Currently in Canada the Nissan Leaf costs over 60,000$... Yeah not even CLOSE to being in our budget. The hybrids, which are a sad copout honestly, still cost 23-25K... which we would have considered if my husband hadn't just lost his job.
The answer to "move to the city" is not a reasonable fix. (and a whole other post). For a variety of ecologically minded, philosophical and mental health reasons we decided to move to a more rural setting. It was the right choice for us and we're "stuck" there for another four years, mortgage wise.
Even if you did live in the city- bus passes are effing EXPENSIVE, the Halifax bus system is terribly unreliable and impractical and restrictive. If you need groceries, to get anywhere outside of the downtown core or even just get someone ON TIME, the public transit system is not your best bet. I say this because I have lived in cities where the public transit is amazing (Montreal). Even bicycling in Halifax can be a scary thing- lack of bike lanes, ginormous hills and narrow streets and you have a bunch of people who *would* bike but don't in fear of their safety.

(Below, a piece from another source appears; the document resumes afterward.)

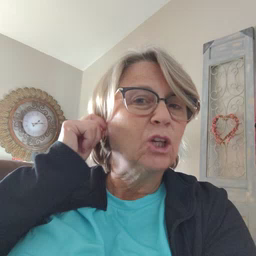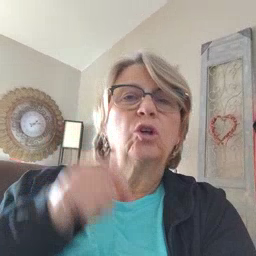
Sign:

I always get frustrated when I hear people talk about how shopping at the farmer's market is cheaper. I have no idea where they are shopping, but the Halifax markets are NOT cheaper than shopping in the grocery store. Overall we always spend at least 20%-30% more on produce and meat when shopping at the farmer's market. For a while we bought local milk and yogurt, which was almost twice the price as in the grocery stores and lasted half as long. Same applies to certified organic options- they are more expensive. Now- if we can afford it, I say this is money well spent. That said- we can't always afford it. Right now we're just trying to make ends meet until hubby can get another job.

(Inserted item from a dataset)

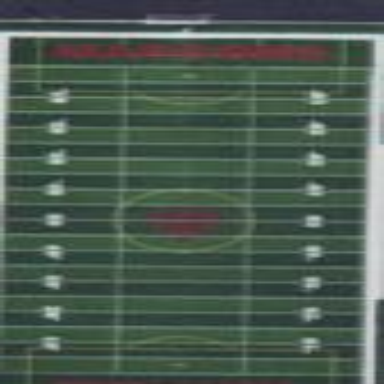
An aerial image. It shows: American football pitch for leisure and sport activities.

This year we'll be trying to grow some of our own food. But you know- the start up for that costs money. We need to purchase the right kind of soil (too late to compost) and my husband had to build raised planter beds (which wood costs more money here than in the US). On top of that, gardening takes TIME. When we both work full time, only get home at 5-6pm Monday-Friday, eat supper and then have to spend a few hours gardening? Sure I figure we'll grow to supplement some of our food, but no way do we have time for a garden big enough for ALL our food needs.
Time. Here is the kicker to all our food woes really. Making foods from scratch takes time. We could bake our own bread- but it's hours of time... Which we only have two of the seven days of the week. Making soups and preprepared meals, all of that takes time. It's not say we don't try, but there is only so much we can accomplish when we work full time and have realistically a few hours each evening to get anything done.
Nova Scotia is an oil based heating province. I had all these dreams of having an eco-friendly home for our first home. Hah. There was NO way we could afford a house that already had eco-friendly heating options. We have an oil tank. It's gross. We've discovered that the windows in our house are crap quality and I can FEEL the cold air leak through. We've adjusted to living in 18 degree temperature (celsius), wearing sweaters and blankets, closing doors and blinds each night. Our house stays at 13 degrees overnight. But we still use oil.
I had hopes for solar panels... but we'd have to cover our entire roof and STILL we wouldn't get enough sun to power much in our house. Geothermal isn't an option since we live on bedrock. Add to that all the costs of actually installing these retrofits and since we're struggling just to make ends meet as it is, well.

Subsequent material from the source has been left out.